Two hours into my trip I stopped, mostly to stretch my legs, but also to top off the tank with gas at a reasonable price, at least compared to the prices in Washington, DC. Not everyone in Washington is a politician, but businesses think everyone is wealthy. It is one over-priced city. At the rest stop, I got another coffee and a few cookies and sat for a while with my trusty notebook. I found a nice, quiet table to one side.
“Hagerstown, Maryland” was the title at the top of my notebook. Yesterday I had managed to do a bit of research on Hagerstown, a town I hadn’t even heard of before—the history, the charm, the people. It is all quite interesting. It’s a quaint little town. The Internet told me that Hagerstown had a population of around 39,000. The town was settled in 1739. It was named after Jonathan Hager, a German immigrant, though it took some time until the town was named. The history books reflect that in 1861, Hagerstown was used as a base in the Civil War by General James Longstreet’s troops of the South. The town was very active in the unfolding of the Civil War.
What really grabbed my attention, though, was something I had come upon while searching for Lolita’s timeframe. The records showed that in 1923, Lolita was engaged. But it was also the year that a mass murderer executed several young women in the small town execution-style. The murders went unsolved. One of my many questions for Lolita would be what her memories were of that year. In 1923, serial-type killings were rare. My initial research had showed no such killings in the several years before or after that year anywhere in the United States.
So who could have committed such hideous murders of three young women? W
as it one killer, or someone copying the lead killer? Were the killers locals or people from outside of Hagerstown? These kinds of murders are usually committed by the same individual. Lolita was young in 1923. Did she and the other young women of the community live in fear that entire year? I’m sure they did.

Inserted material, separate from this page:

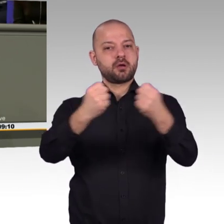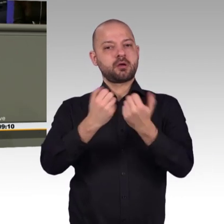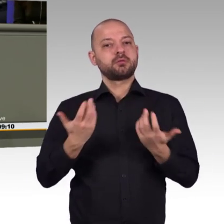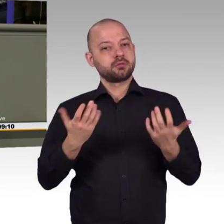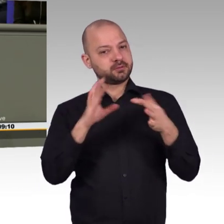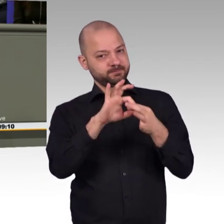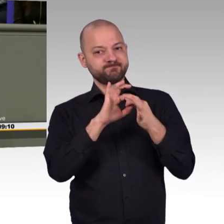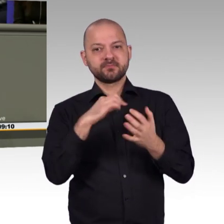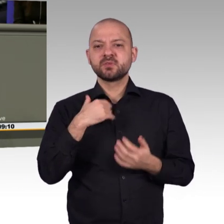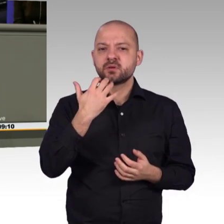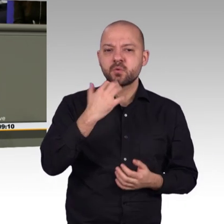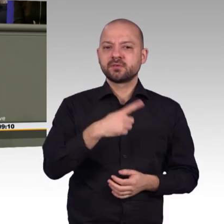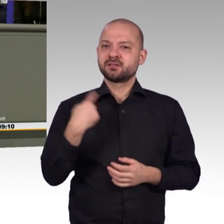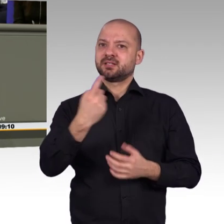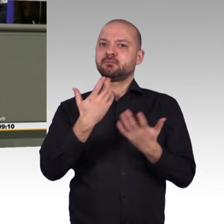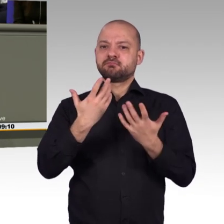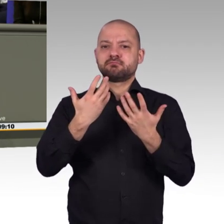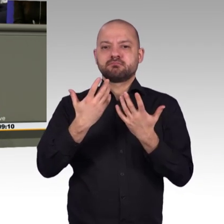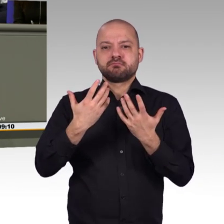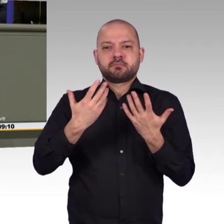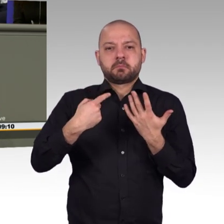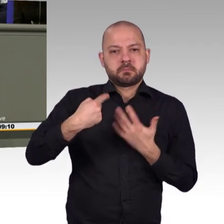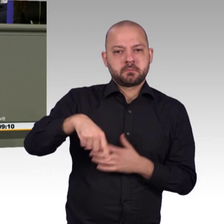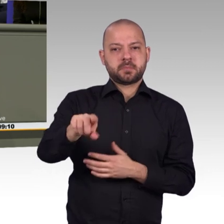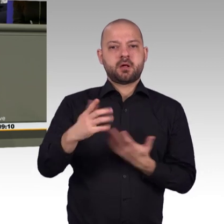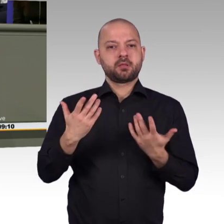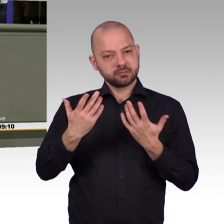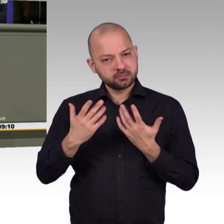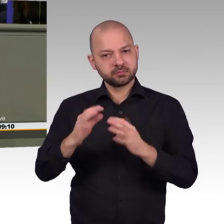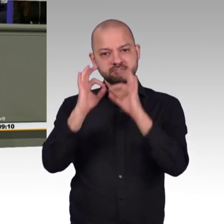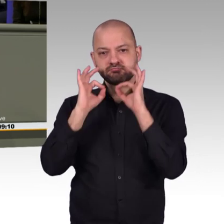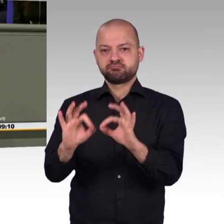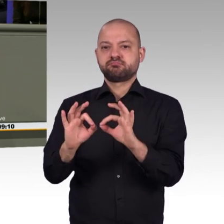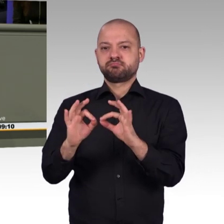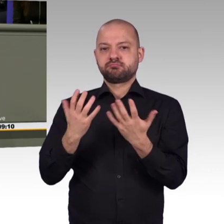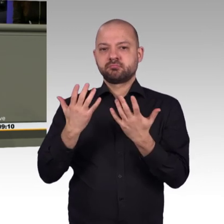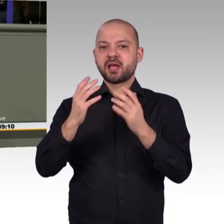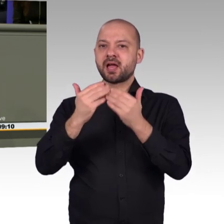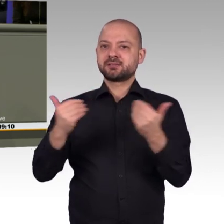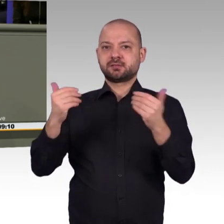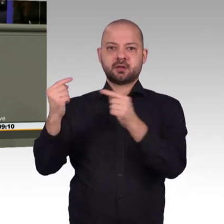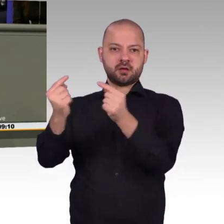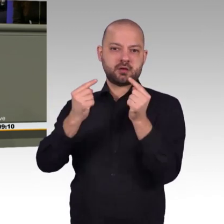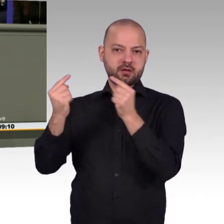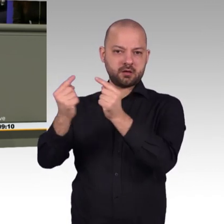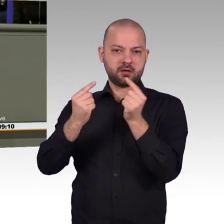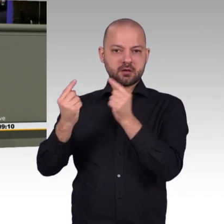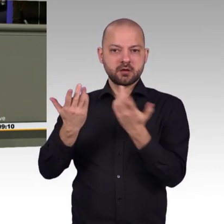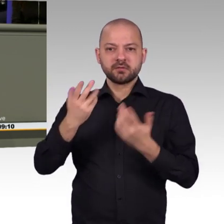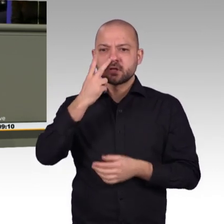denken, gewohntes Hinterfragen müssen. vielleicht ist das schon bei den kommenden Haushaltsberatungen der Fall, wenn wir auch mal schauen,

And since the murders went unsolved, no doubt the fear remained into the following year and for some time afterward. I was sure that Lolita, if she still had her senses, would have recollections of that time in her life. It was a memorable time in Hagerstown history.
The website ancestry.com also housed newspaper stories from that specific time. The killings were truly horrific for 1923, and would still be horrific if they were committed today. I learned that the killer or killers were sadistic in their actions surrounding the Hagerstown girls’ deaths, because in each instance, the killer would wait exactly one month to the day after the killing and then would prominently display a part of the dead girl’s body. It seems that on that day, the killer would take a severed arm of the murdered girl and leave it sticking straight up out of the ground somewhere.
The records showed that one of the arms was sticking straight up out of the front lawn of the Hagerstown Theater, one was sticking up out of the front lawn of the town’s only Chevrolet dealership, and the third was found outside the Hagerstown high school. It was sticking straight up in a large flowerpot near the front entrance of the school. Lolita, coincidentally, had worked at that school as a teacher’s assistant in 1923, according to my notes.